Question is: The goats have ear tags. Is there a registry or something somewhere that would link me back to the goats owners? I've googled the numbers on the tags to see if I could find the owners with no luck.


----------



## lottsagoats1 (Apr 12, 2014)

Most ear tags just have numbers that mean something to the owner but not something to be able to trace with. A scrapies tag might give you a number that you can trace, but that would probably be the only one that could help.


----------



## Naunnie (Jul 4, 2014)

Posting some pictures may help. A member started a thread about mid Oct. that her Goats were missing. Her location is not listed tho........


----------



## Tenacross (May 26, 2011)

Are they scrappie tags? Those could be tied to their owner. Original owner anyway...


----------



## PlumLazy (Jul 12, 2014)

I'm not sure if they're scrapie tags. My goats are tattooed, so I don't have any experience with tags, other than my recent google history! They have the state's abbv FL followed by numbers, but they are both different. One has 6 numbers and the other has 10, none of the numbers on the first tag match the numbers on the other tag. I've searched the web for a way to search the numbers, but am coming up short.


----------



## PlumLazy (Jul 12, 2014)

I really don't want to post pictures of the goats. I don't want anyone other than the true owner to be able to identify them to me and claim them. I would be crazy devastated if my goats were missing.
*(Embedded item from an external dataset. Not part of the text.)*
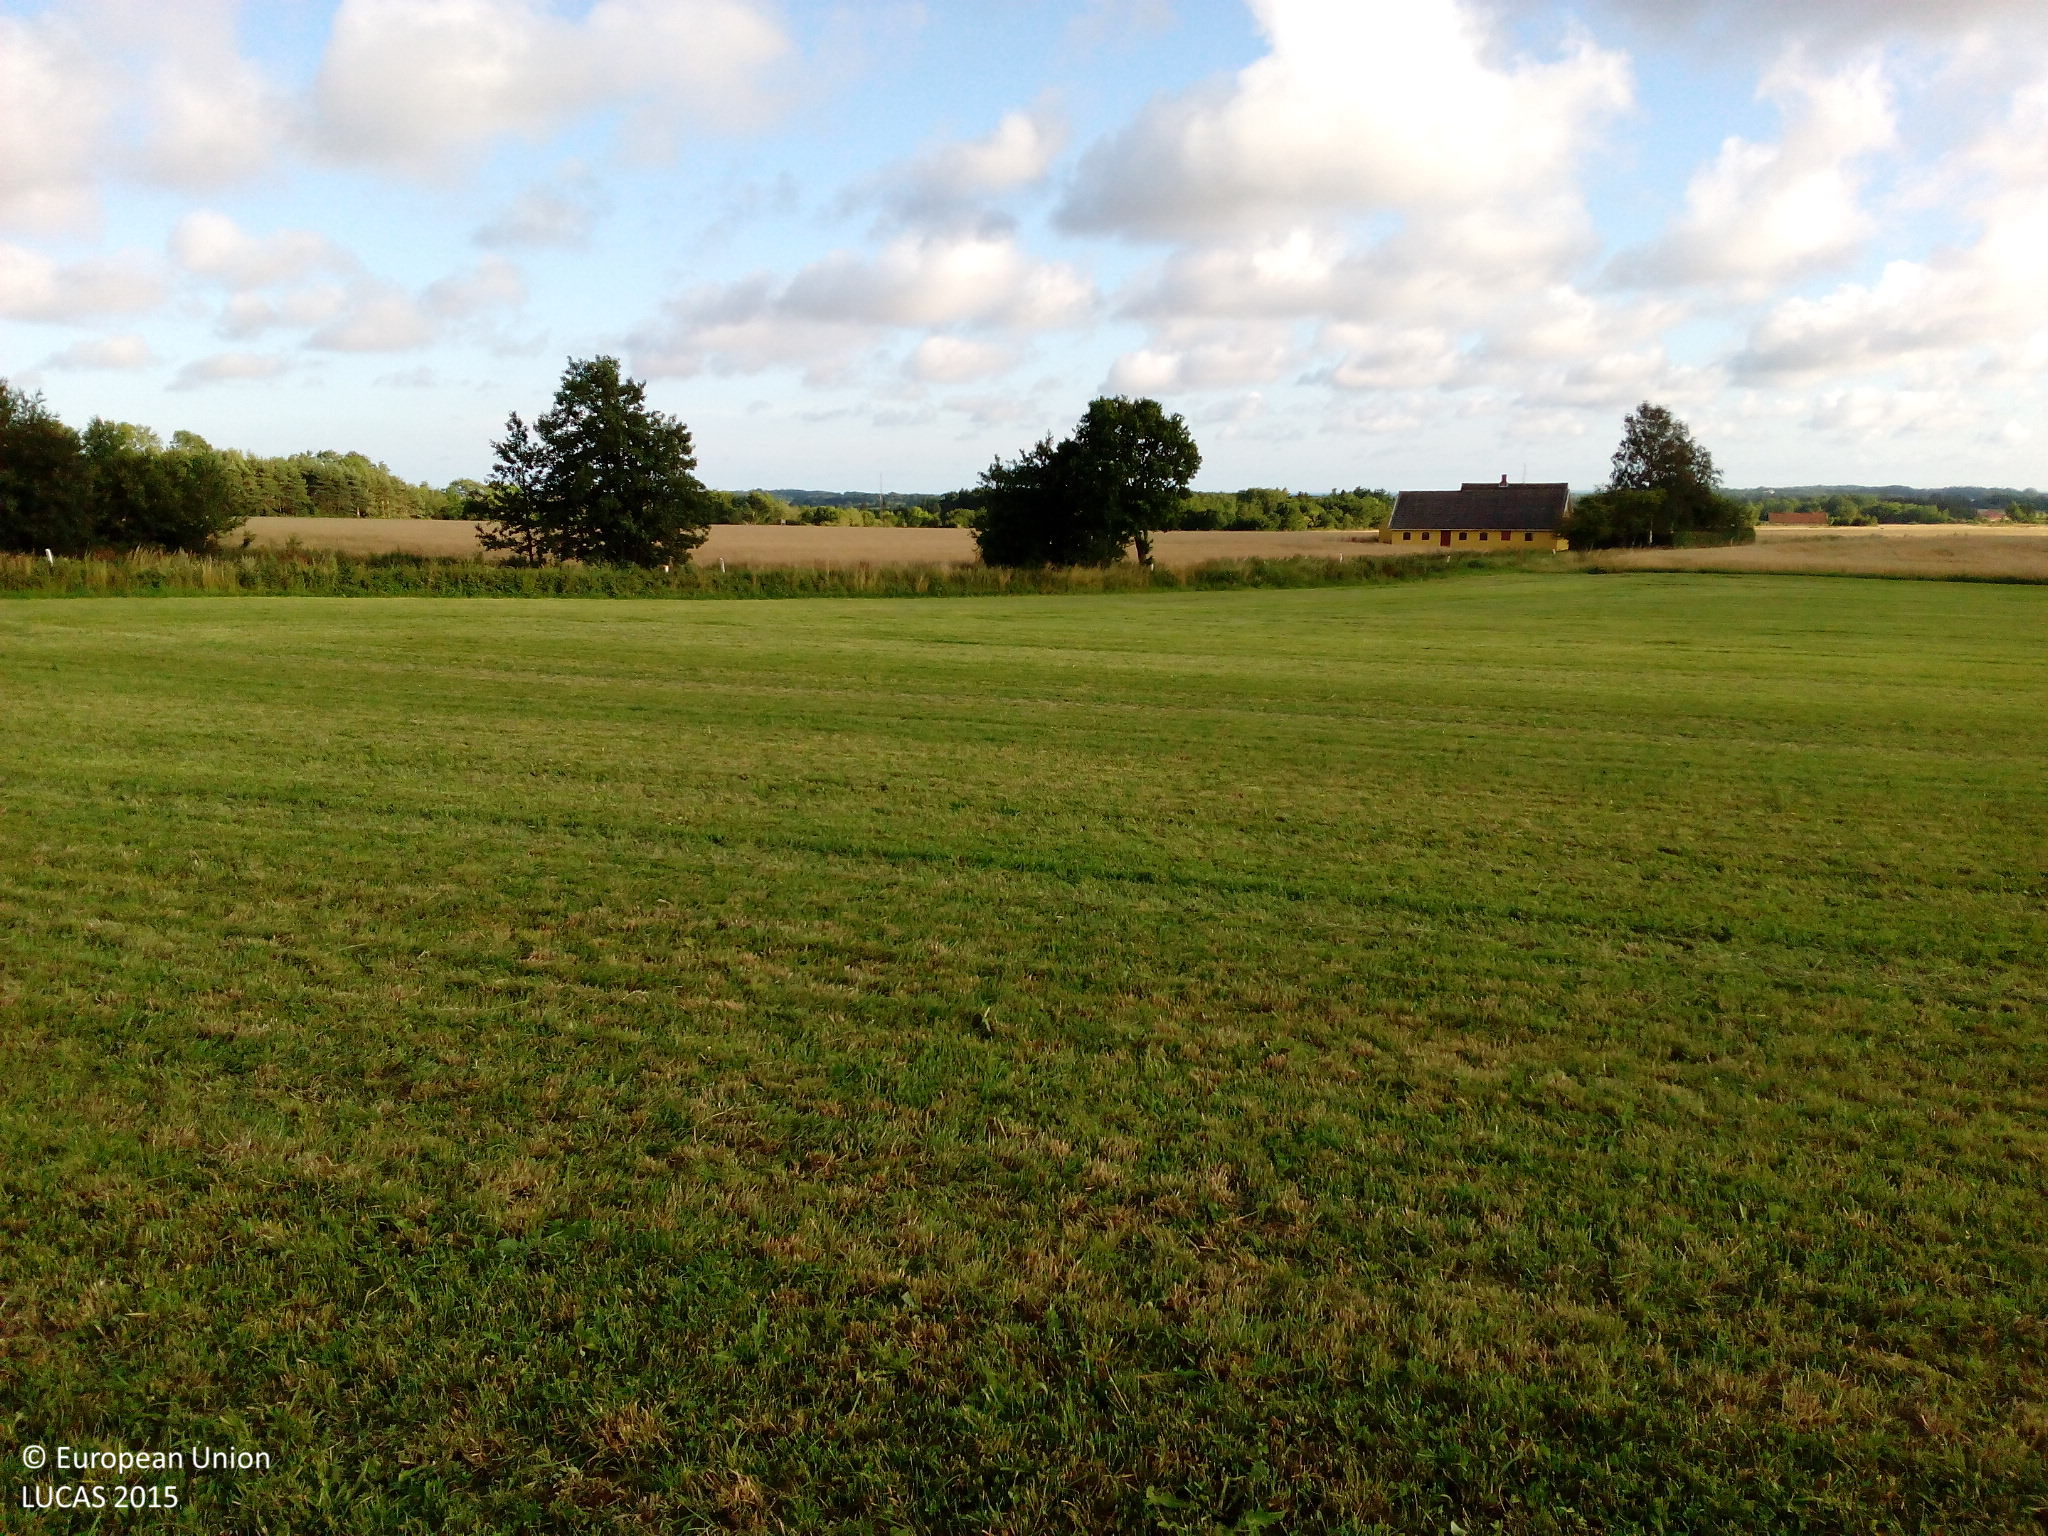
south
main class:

The tags are similar to these...


----------



## ksalvagno (Oct 6, 2009)

Those are scrapie tags.


----------



## toth boer goats (Jul 20, 2008)

Yep, scrapie tags.


----------



## Goats Rock (Jun 20, 2011)

Check with the state Agricultural Society. Or Farm Bureau. Maybe they can help.
http://www.aphis.usda.gov/traceability/downloads/ADT_eartags_criteria.pdf
That will tell you what the numbers mean. I don't know if you can locate the owners, but
maybe it will help.


----------



## Jessica84 (Oct 27, 2011)

Yes where the wv is the numbers after that is the persons number. The 0015 is that animals number. You say the numbers are different, even the ones after the Fl? If so these are probably goats that someone bought  which means that you will come up with 2 different owners if you can even find out who's number goes to who


Sent from my iPhone using Goat Forum


----------